Quando uma calúnia se esvaziava, outra era engendrada e disseminada. Durante anos, um grupo de autores se reuniu para maldizer a vida alheia e alimentar essa corrente de intrigas com o objetivo de interditar e sabotar qualquer movimento que pusesse em risco a suposta hegemonia que imaginavam ter no processo cultural. Para atingir seu intento recorriam a ofensas pessoais, preconceito de gênero e à desqualificação intelectual. Chegaram ao cúmulo de eleger um psicopata para uma entidade representativa com o intuito de usá-lo para atacar seus oponentes. Um dos alvos dessa criatura rancorosa e má foi a Editora Valer. Passou anos atacando, maldizendo, forjando dossiês, fazendo acusações infundadas, e que cometíamos o pecado imperdoável de ganharmos dinheiro com a literatura. Bem que esse pecado poderia ter se consumado – teríamos tido condições de fazer muito mais pelo livro e pela leitura no Amazonas.
    Tive dificuldade em entender o porquê de tanta agressividade. Não tinha convivência com essa criatura, nunca lhe fizera mal. A inveja e o ressentimento eram as explicações para tal comportamento. Ele não suportava o fato de uma outra pessoa, e não ele, estar realizando o trabalho de produção de livros e animação cultural que fazíamos. Por isso virei seu alvo. Foi mais de uma década de agressões e intrigas. E assim me tornei um agente do neoliberalismo na cultura amazonense. Um capitalista voraz do mundo editorial. O trágico de tudo isso é que algumas pessoas davam crédito a toda essa insanidade e davam força para que ele continuasse. As coisas descambaram para a violência: tomei posse na Academia de Letras sob ameaça de bomba. Essa experiência me ensinou que precisamos ter cuidado com os ressentidos – são seres frustrados que se comprazem em causar sofrimento aos que personificam aquilo que gostariam de ser.
    A história da Valer me ensinou que todo processo cultural é político – e que na sociedade trava-se um embate pelo controle da cultura. Nesse aspecto, as atividades artísticas realizadas pela Valer foram um incômodo para algumas autoridades públicas que têm uma visão exclusivista e autoritária das ações de cultura. Acreditam que só eles podem empreender e quem ousar fazer algo nessa seara é alvo de interdição, boicotes e ameaças. A cultura, nesta sociedade, não é o espaço da civilização. É na cultura que a barbárie se manifesta de forma cruel, velada. O dramático do embate contra o poder instituído é que a luta é desigual: como enfrentar uma força que detém os meios para destruir quem o ameaça? Que coopta e compra as pessoas da sua conveniência? Essa história foi tão surreal que se chegou ao absurdo de tentar desapropriar o prédio onde funcionava a Valer. Iniciou-se um processo, pasmem, com o parecer favorável de um conhecido jornalista e colunista social, que só não se efetivou porque recorremos a diversas autoridades que intercederam e o documento foi arquivado. Um momento dramático foi quando invadiram o escritório da Editora e furtaram HD’s e “pen drivers” com arquivos de trabalho. Não escapamos igualmente das intrigas palacianas: inúmeras vezes tentaram criar indisposição com o chefe do executivo estadual. O problema é que nos subestimávamos: não acreditávamos que o que fazíamos pudesse incomodar politicamente. Foi mais um dos nossos muitos enganos. O fato é que fomos salvos das possíveis represálias do poder pela interferência de muitos protetores, pessoas solidárias com o nosso trabalho que intercederam e ajudaram a desfazer equívocos e intrigas.

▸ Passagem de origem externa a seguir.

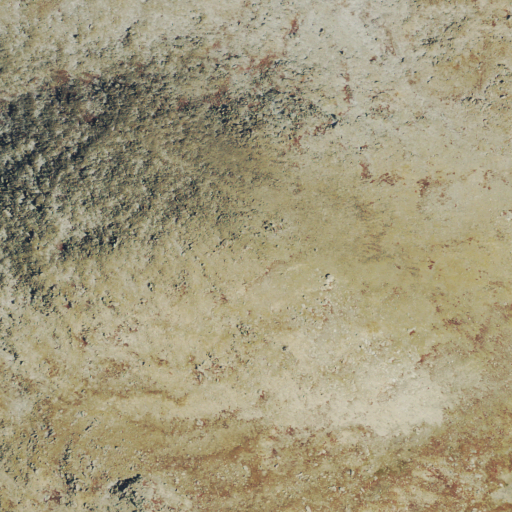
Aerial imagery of mountain in Colorado named Rosalie Peak containing grassland and shrub
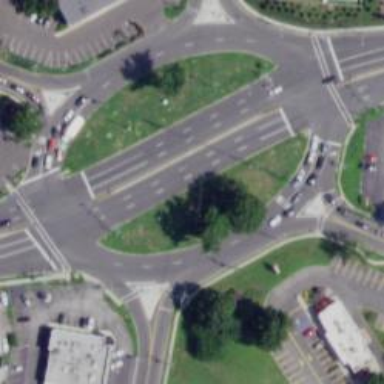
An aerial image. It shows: Roundabout on primary highway.
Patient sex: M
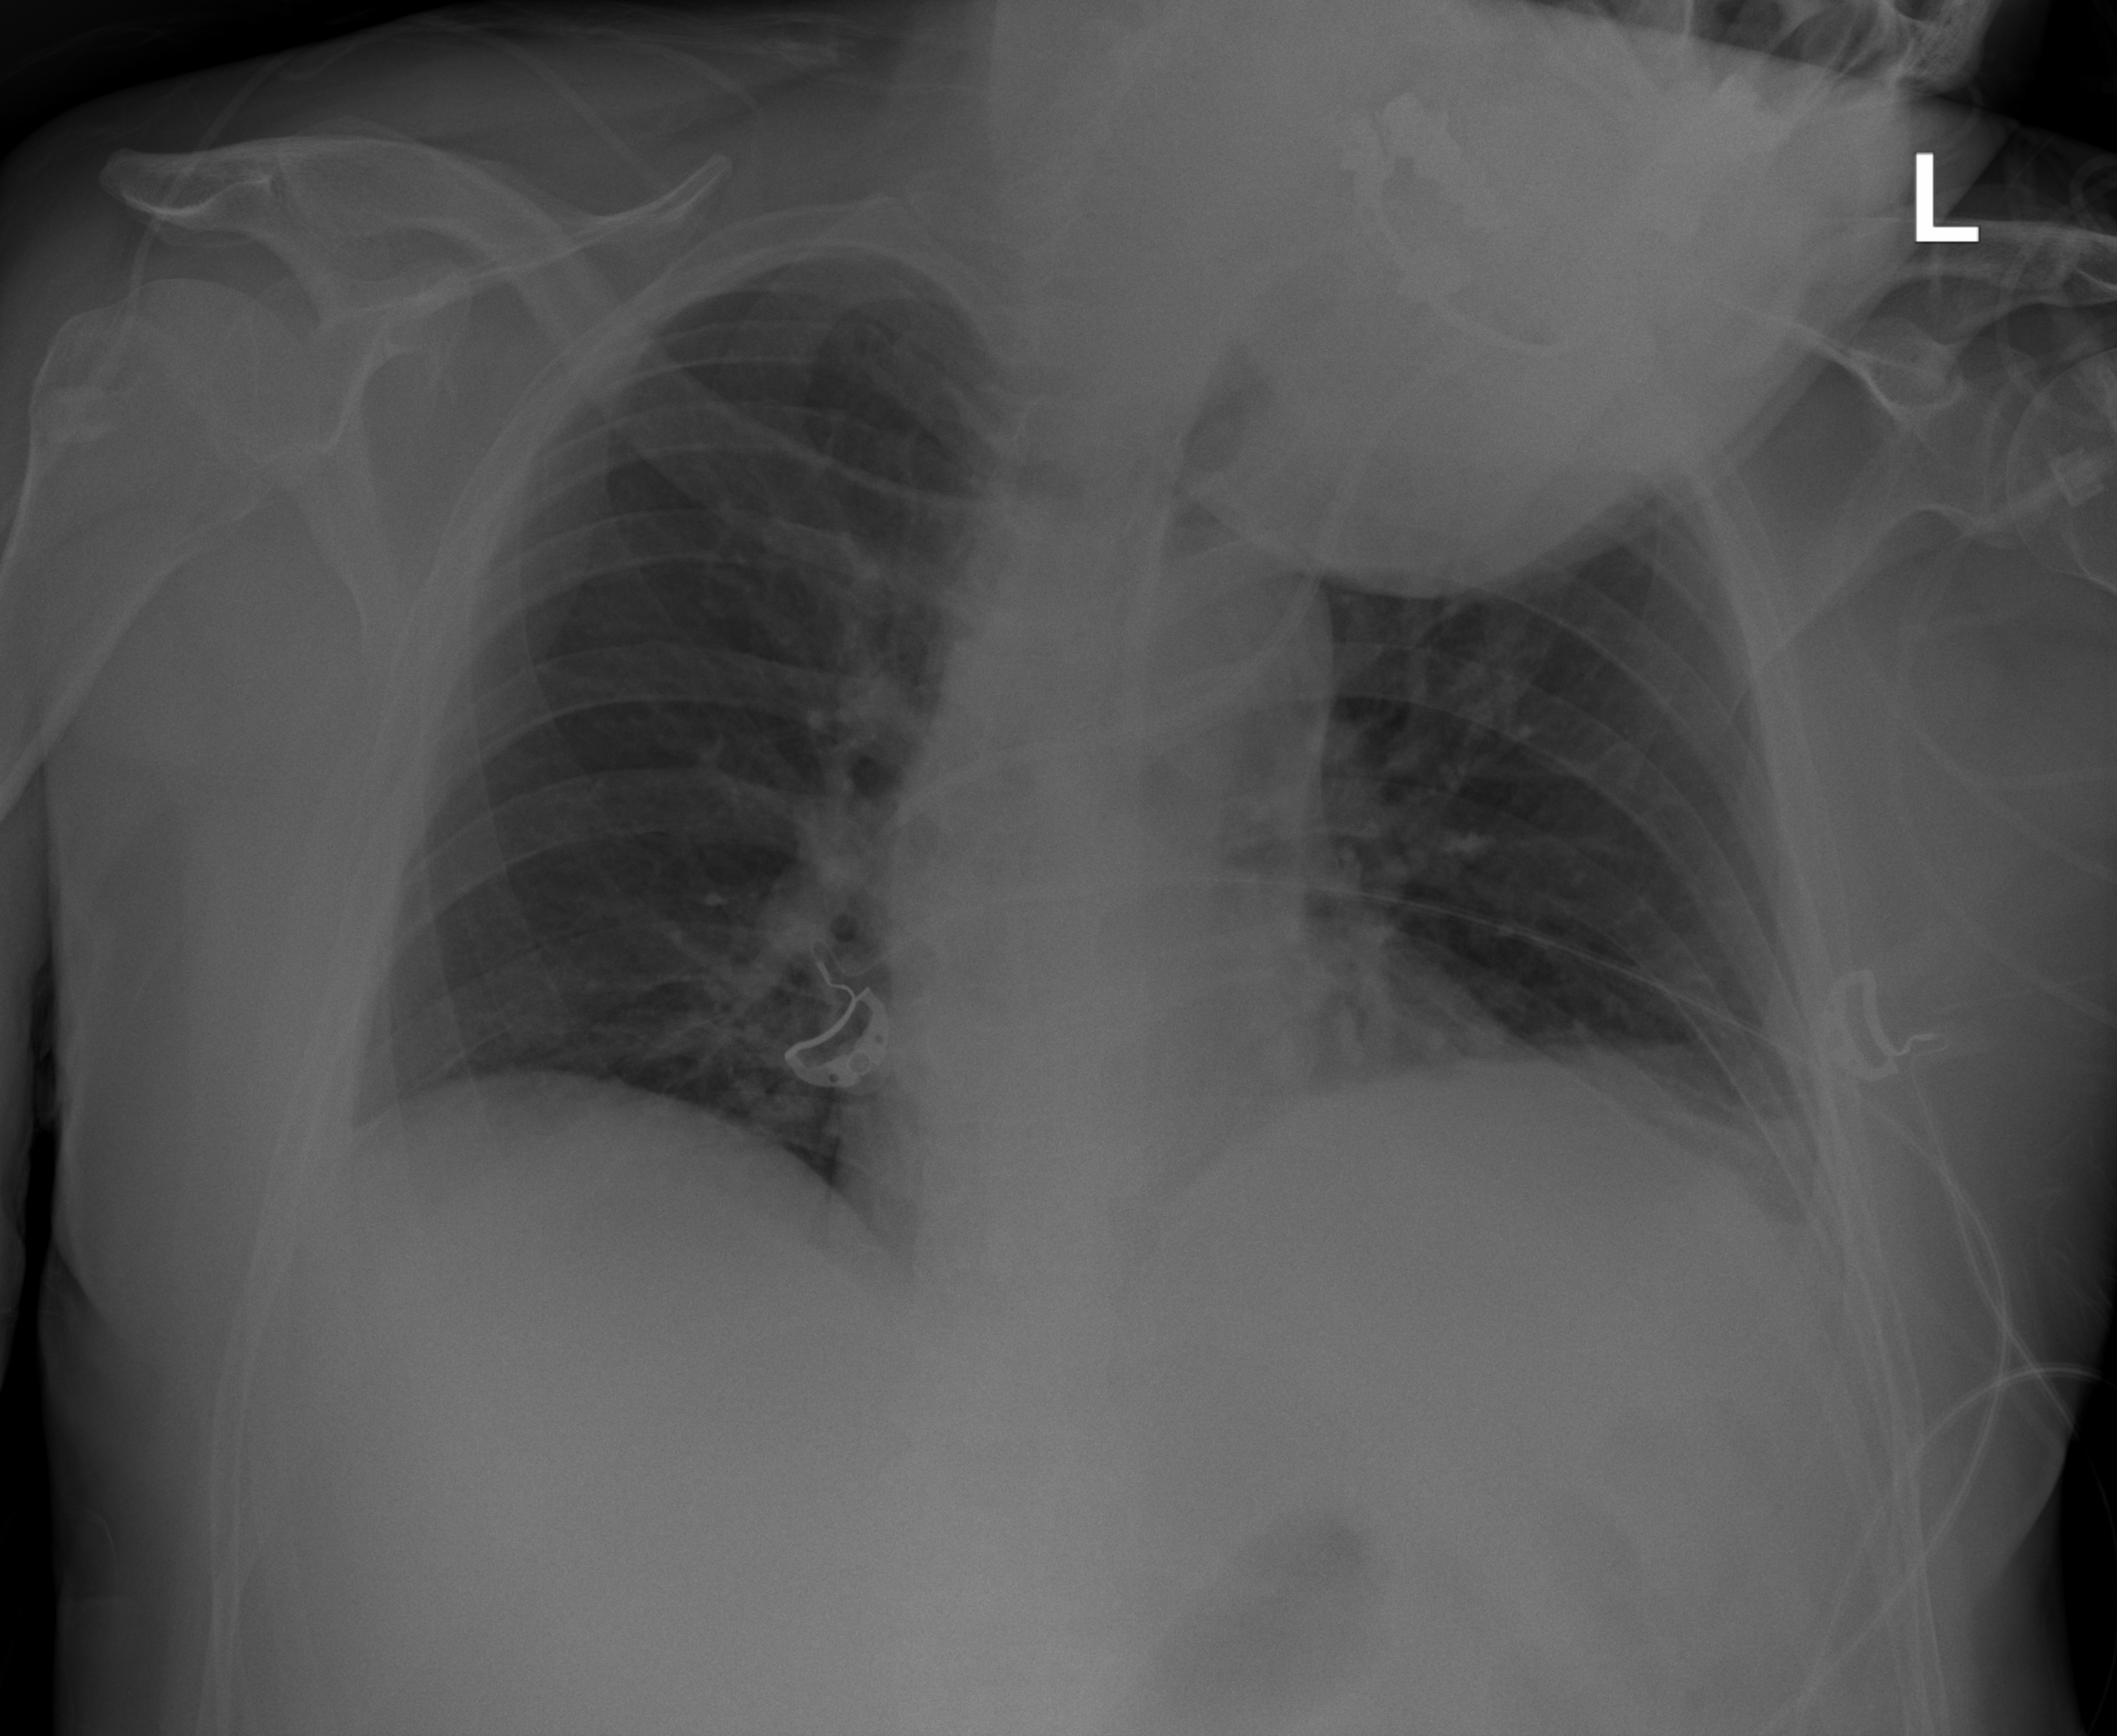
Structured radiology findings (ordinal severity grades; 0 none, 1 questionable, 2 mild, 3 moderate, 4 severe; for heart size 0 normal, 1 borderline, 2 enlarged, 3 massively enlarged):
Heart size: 0
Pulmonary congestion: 0
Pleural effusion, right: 2
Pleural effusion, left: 2
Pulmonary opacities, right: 0
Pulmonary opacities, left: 2
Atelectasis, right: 2
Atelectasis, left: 2
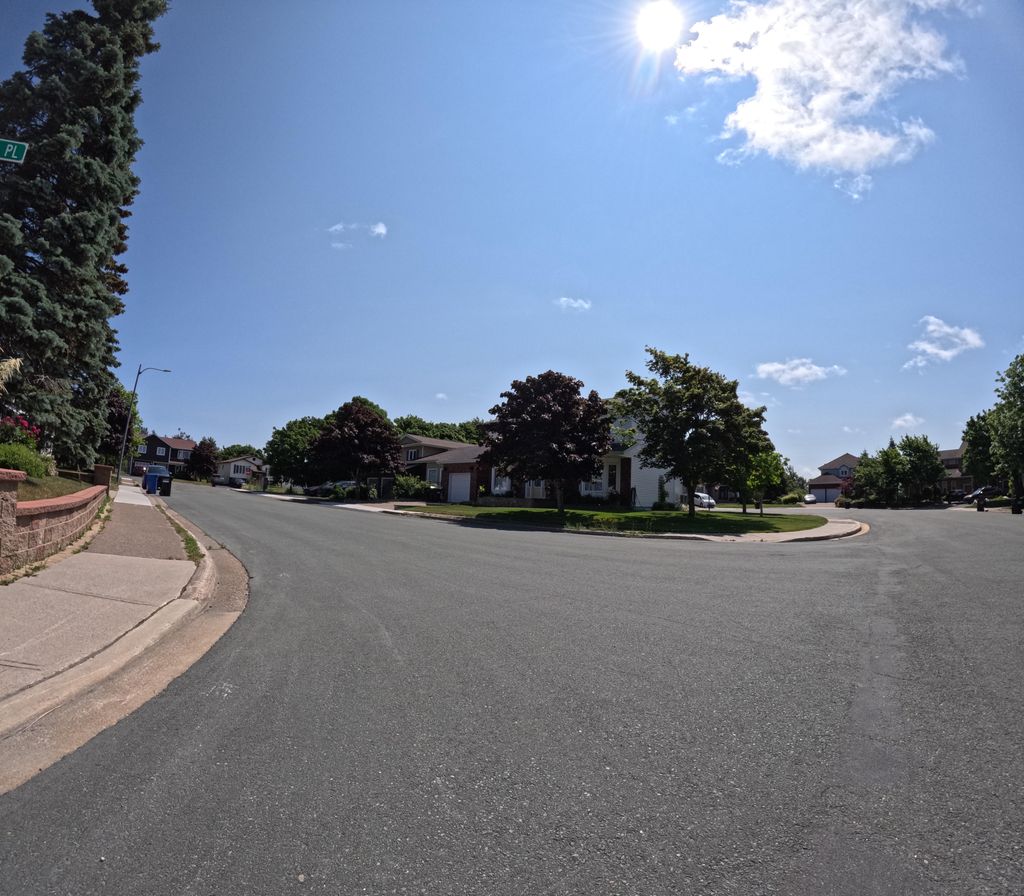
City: st_johns
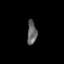
Tissue: skin
Cell type: Epithelial cells
Senescence score: 0.1359
Nuclear area (px): 225
Mean DAPI intensity: 98.8
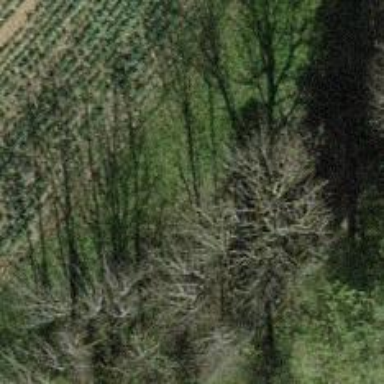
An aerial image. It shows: Tree with mixed leaves.
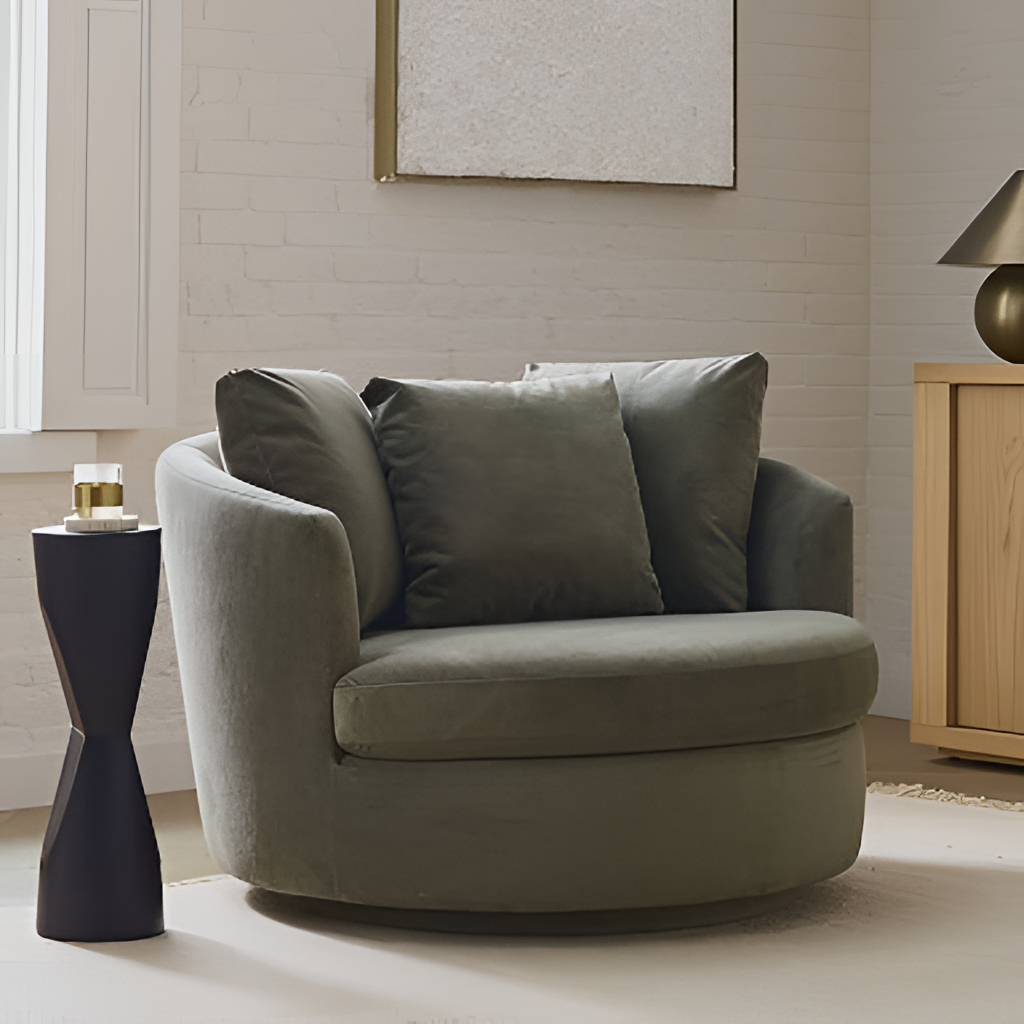
velvet chair, living room, beige wood flooring, with plank pattern, beige brick wallpaper, with solid pattern, contemporary

    Essa história é reveladora da ambiguidade de todo processo humano: toda experiência tem um plano visível e outro que se desenrola subliminarmente. E é no segundo que a vida se decide. Um dia talvez essa história seja contada. A Livraria Valer encerrou seu ciclo de forma digna: Isaac Maciel, seu criador, assumiu com coragem a decisão de encerrar essa história. Foi o último a sair, no dia 8 de novembro de 2015, às 18h30. Volto a João Cabral: “E não há melhor resposta / que o espetáculo da vida: [...] / vê-la brotar como há pouco / em nova vida explodida...”.